De grâce pas de mission de maintien de la paix
L'Italie a évoqué l'idée d'une mission de l'ONU de maintien de la paix. Un débat glissant, juge l'expert en géopolitique Lucio Caracciolo dans La Repubblica :
«Pour pouvoir maintenir la paix, il faut de nombreuses choses, mais avant tout la paix. ... Or ce n'est absolument pas le cas. Il n'y a pas de Libye, pas de paix. Les puissances ont recours à l'ONU quand elles refusent d'intervenir directement. Notre Premier ministre affirme que 'l'on n'enverra aucun de nos soldats, sauf si les conditions de sécurité le permettent et si un cadre politique clair est défini'. En toute logique, on n'enverra donc personne. Mais l'histoire n'a rien de logique. Le risque, c'est qu'à force d'évoquer cette possibilité, on finisse par faire ce que l'on affirmait ne pas vouloir faire. »
Une nouvelle époque sans règles du jeu
La communauté internationale est impuissante, constate Pierre Haski dans sa chronique matinale sur France Inter :
«Fin décembre, Ghassan Salamé, le représentant spécial de l'ONU pour la Libye, déplorait de voir les pays qui avaient voté l'embargo sur les livraisons d'armes à la Libye violer eux-mêmes leur propres résolutions, et reconnaissait que la crédibilité de l'ONU était en jeu.
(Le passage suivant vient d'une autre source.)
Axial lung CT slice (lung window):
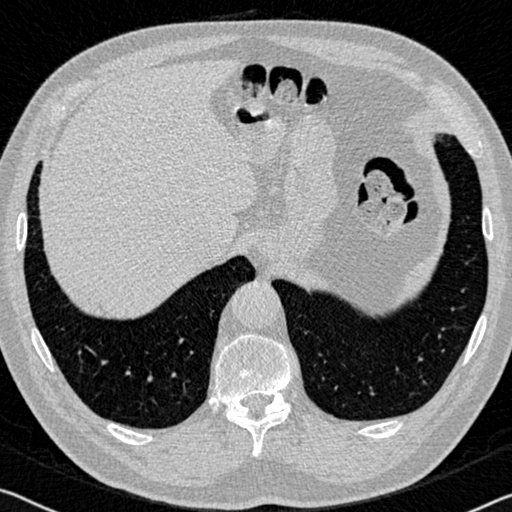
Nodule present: no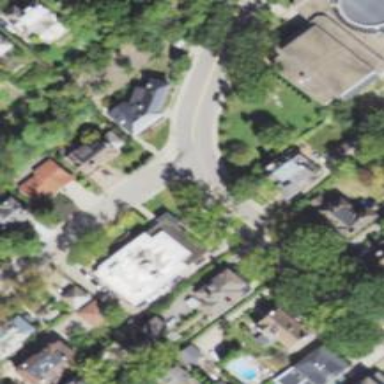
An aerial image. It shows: Residential road with separate asphalt sidewalk.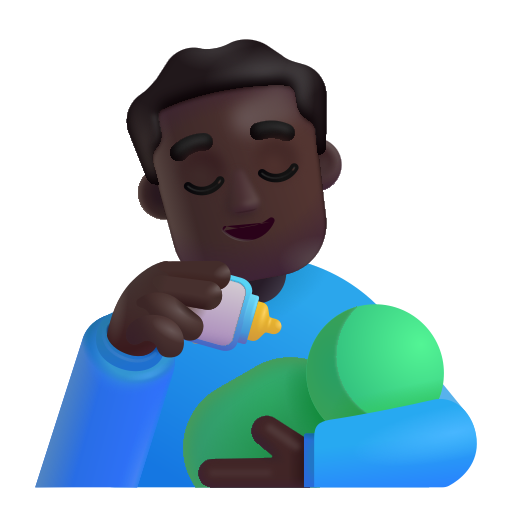
man feeding baby color dark
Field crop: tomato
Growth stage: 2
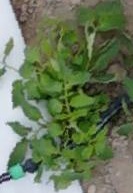
Species: tomato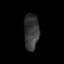
Tissue: skin
Cell type: Epithelial cells
Senescence score: 0.2432
Nuclear area (px): 534
Mean DAPI intensity: 53.493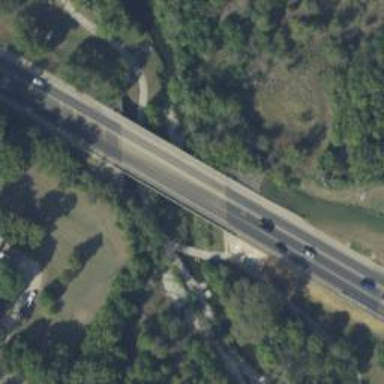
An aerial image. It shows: Secondary link road crossing over bridge.

C'est évident, et l'émergence de la Russie et de la Turquie dans ce conflit, à la fois comme acteurs de guerre et comme faiseur de paix, montre que nous avons changé d'époque. Les Américains se tiennent en retrait, et les Européens ont totalement raté le coche, même s'ils tentent de se rattraper en organisant à leur tour une négociation dimanche prochain à Berlin. La Libye est à l'image du monde qui s'annonce, sans règle du jeu ni arbitre.»
L'Europe agit enfin
L'armistice donne un avant-goût de la stratégie de la division que la Russie et la Turquie envisagent en Libye, met en garde Avvenire :
«L'effort que fournit l'Europe n'en est que plus significatif. Après une série de contacts entre Josep Borrell, le haut représentant de l'UE chargé de la politique de défense et de sécurité, et les gouvernements français, allemand et britannique, il a été convenu de confier à l'Italie une mission de médiation. Elle prévoyait que le maréchal Haftar se rende à Rome mercredi pour une rencontre avec le Premier ministre Conte et que le Premier ministre libyen Faïez Sarraj se rende à Bruxelles pour des entretiens. Un pas qu'il faut saluer. Car la Libye a besoin de l'Europe, de ses relations et de ses investissements. Et parce que plusieurs pays ont ravalé leurs ambitions au nom d'un intérêt supérieur.»
Merkel rejoindra le mouvement
L'accord d'armistice peut espérer obtenir le soutien de l'Allemagne, estime Habertürk :
«Il est fort probable que la chancelière allemande, qui se rendra en Russie le 11 janvier et en Turquie le 24 janvier, réponde à son tour à l'appel des deux pays. Car l'Allemagne, qui a suggéré d'organiser une conférence à Berlin pour garantir le respect de l'armistice et trouver une solution politique, ne voudra pas que les efforts fournis jusqu'ici restent vains. La réussite de l'armistice empêcherait que des soldats ne partent en nombre vers la Libye. C'est ce que Merkel cherchait à obtenir.»